Activity 17: Non-Negative Matrix Factorization

Solution:

  1. Create the appropriate bag-of-words model and output the feature names as another variable:

    vectorizer2 = sklearn.feature_extraction.text.TfidfVectorizer(
        analyzer="word",
        max_df=0.5, 
        min_df=20, 
        max_features=number_features,
        smooth_idf=False
    )
    clean_vec2 = vectorizer2.fit_transform(clean_sentences)
    print(clean_vec2[0])
    
    feature_names_vec2 = vectorizer2.get_feature_names()
  2. Define and fit the NMF algorithm using the number of topics (n_components) value from activity two:

    nmf = sklearn.decomposition.NMF(
        n_components=optimal_num_topics,
        init="nndsvda",
        solver="mu",
        beta_loss="frobenius",
        random_state=0, 
        alpha=0.1, 
        l1_ratio=0.5
    )
    nmf.fit(clean_vec2)

    The output is as follows:

    Figure 7.63: Defining the NMF model

  3. Get the topic-document and word-topic result tables.
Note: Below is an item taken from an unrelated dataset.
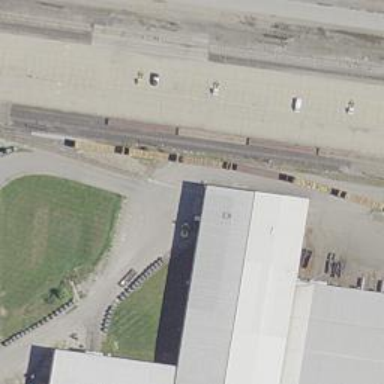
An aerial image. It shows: Railway yard.

Take a few minutes to explore the word groupings and try to define the abstract topics:

    W_df, H_df = get_topics(
        mod=nmf,
        vec=clean_vec2,
        names=feature_names_vec2,
        docs=raw,
        ndocs=number_docs, 
        nwords=number_words
    )
    
    print(W_df)

    Figure 7.64: The word-topic table with probabilities

  4. Adjust the model parameters and rerun step 3 and step 4.